I am working with a team to develop a new language and our current thinking is that the language will use the XPath language for navigating through documents and the CSS language for expressing sets of match/action pairs.

This idea of multi-language languages is very common within the XML community. For example, the XSLT language uses (hosts) the XPath language. Here is an excerpt to illustrate:

select="/Bookstore/Book[1]/Title"

The expression /Bookstore/Book[1]/Title is an XPath expression, the other
parts are XSLT. So, the format of the select statement is:

select="XPath"

See how XSLT hosts XPath? That is, one language (XSLT) is using another language (XPath).

Another XML language called XML Schema hosts two languages: the regex language and the XPath language.

How do compiler experts create grammars for multi-language languages?

/Roger

From: Kartik Agaram <[email protected]>
Sent: Saturday, March 5, 2022 4:58 PM
Subject: [EXT] Re: How do you create a grammar for a multi-language language?

The first way is unlikely to work. Inlining one grammar into another is overwhelmingly likely to result in garbage. If you're lucky it'll recognize
one of the languages and ignore the productions of the other. More likely
it'll recognize a single language that's an uncontrollable melange of both. In the worst case it'll seem to work but fail in strange corner cases.

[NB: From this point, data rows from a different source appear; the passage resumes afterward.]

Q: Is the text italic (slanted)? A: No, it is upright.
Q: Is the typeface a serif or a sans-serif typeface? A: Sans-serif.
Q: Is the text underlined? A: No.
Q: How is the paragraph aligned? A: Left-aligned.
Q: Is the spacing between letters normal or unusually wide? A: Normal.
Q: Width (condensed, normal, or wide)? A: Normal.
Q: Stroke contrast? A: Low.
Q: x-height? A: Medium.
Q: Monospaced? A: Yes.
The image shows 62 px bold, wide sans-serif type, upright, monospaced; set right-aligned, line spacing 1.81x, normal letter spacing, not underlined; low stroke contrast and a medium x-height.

In general, I think you under-estimate the difficulty of this problem, and how easy it is for two languages to be fundamentally incompatible. The first question isn't "what's the cleanest way to do this for arbitrary languages?" but "is it even possible for these two languages?" followed by "is it worth
the trouble?"

So I'd re-ask the question in the context of the concrete languages you're considering.
[XSLT is written in XML. Conceptually at least, first you parse the XML using an XML grammar, then you parse the XSLT using the XSLT grammar. -John]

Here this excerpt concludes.